As soon as I opened the cart, I had the students’ attention. After establishing some management guidelines with the class, everyone logged into Nearpod with the student pin. My struggling students were participating and weren’t afraid to be wrong because it wasn’t directly in the eyes of their peers, like it would if they were up at the board or showing their work under the document camera.

The excitement, engagement, and of course, every teacher’s favorite word, data proved this app to be useful. I was able to go into the Nearpod website with my log-in credentials (free account) and access all the information gathered during the lesson. I could see the Draw Its each student submitted and create graphs on student responses.

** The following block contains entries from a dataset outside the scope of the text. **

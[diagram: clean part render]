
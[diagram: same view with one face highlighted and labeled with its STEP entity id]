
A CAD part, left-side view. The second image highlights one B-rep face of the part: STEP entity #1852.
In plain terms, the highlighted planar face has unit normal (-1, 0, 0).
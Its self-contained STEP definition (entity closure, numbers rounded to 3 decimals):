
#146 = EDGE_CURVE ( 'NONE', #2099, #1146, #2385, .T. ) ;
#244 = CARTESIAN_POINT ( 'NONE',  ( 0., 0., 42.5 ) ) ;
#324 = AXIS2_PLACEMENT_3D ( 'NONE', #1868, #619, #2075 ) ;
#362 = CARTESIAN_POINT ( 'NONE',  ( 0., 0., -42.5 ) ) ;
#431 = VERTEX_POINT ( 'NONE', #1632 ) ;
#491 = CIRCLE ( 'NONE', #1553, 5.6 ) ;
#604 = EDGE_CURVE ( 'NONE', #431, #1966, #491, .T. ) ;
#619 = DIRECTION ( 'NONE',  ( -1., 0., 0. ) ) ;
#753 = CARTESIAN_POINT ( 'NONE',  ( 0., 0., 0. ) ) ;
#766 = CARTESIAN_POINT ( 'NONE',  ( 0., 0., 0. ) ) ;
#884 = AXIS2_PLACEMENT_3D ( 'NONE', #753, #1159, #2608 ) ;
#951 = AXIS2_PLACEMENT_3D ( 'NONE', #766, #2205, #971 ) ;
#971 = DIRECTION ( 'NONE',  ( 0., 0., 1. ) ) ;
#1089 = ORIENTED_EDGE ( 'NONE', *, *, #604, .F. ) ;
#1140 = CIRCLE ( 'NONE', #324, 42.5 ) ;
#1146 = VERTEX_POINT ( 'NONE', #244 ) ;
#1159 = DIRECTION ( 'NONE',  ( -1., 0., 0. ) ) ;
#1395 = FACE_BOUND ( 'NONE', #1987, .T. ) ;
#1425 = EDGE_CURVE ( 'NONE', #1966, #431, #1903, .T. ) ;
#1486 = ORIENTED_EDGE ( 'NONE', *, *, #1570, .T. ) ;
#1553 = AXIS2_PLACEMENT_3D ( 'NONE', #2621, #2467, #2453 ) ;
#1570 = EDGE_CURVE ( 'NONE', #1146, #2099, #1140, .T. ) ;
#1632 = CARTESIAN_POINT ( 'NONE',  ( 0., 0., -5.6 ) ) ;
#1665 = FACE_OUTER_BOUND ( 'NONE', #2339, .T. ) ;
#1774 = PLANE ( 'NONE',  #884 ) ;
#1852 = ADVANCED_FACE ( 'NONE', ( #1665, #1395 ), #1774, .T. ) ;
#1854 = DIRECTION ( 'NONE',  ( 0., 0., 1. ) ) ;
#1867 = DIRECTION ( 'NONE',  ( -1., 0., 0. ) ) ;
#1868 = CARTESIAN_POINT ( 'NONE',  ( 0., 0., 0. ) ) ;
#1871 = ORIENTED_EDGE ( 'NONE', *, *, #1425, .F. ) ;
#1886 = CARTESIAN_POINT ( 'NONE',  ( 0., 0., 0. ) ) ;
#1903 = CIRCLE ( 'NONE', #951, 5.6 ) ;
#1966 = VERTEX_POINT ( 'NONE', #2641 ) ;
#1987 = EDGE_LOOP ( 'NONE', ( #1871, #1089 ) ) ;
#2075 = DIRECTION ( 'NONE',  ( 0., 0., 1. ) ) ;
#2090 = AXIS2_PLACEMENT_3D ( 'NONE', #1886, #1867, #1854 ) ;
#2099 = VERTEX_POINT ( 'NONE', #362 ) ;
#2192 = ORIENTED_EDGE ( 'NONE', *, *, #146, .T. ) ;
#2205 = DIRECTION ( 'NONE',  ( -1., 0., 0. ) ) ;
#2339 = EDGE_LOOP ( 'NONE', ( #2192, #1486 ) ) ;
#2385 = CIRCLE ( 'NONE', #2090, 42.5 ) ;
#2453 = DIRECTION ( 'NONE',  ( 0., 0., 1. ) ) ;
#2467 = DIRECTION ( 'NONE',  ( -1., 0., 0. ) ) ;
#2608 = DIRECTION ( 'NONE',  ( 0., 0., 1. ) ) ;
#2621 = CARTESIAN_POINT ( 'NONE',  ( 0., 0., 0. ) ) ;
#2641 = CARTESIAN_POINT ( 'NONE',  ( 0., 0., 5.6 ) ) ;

Currently I’m employed with a NJ school district as a teacher resource specialist for technology. Their iPad initiative includes three iPads in every first and second grade classroom in each of their four elementary buildings. By sharing iPads among grade level classes or working on targeted mini lessons in small groups, teachers have been able to do Nearpod lessons on topics like telling time, counting money, and weather, to name a few. This has been a useful tool!

Teachers can download the free app and create a free account. The site is user friendly and straight forward. I’ve made my slides on PowerPoint or SMART Notebook then saved as images to upload into my Nearpod lesson. Nearpod is adding more features as well. You have the ability to share out a website during a lesson, embed a video, and its newest feature for the flipped classroom Nearpod Homework, where the students can go through a lesson at their pace. This is a wonderful tool that has a growing following on Twitter (great place to go to read how others have used it or ask questions #NearpodTeachers).

Teachers want a way to deliver interactive lessons to engage all learners and I feel, no, I know, Nearpod has been my answer.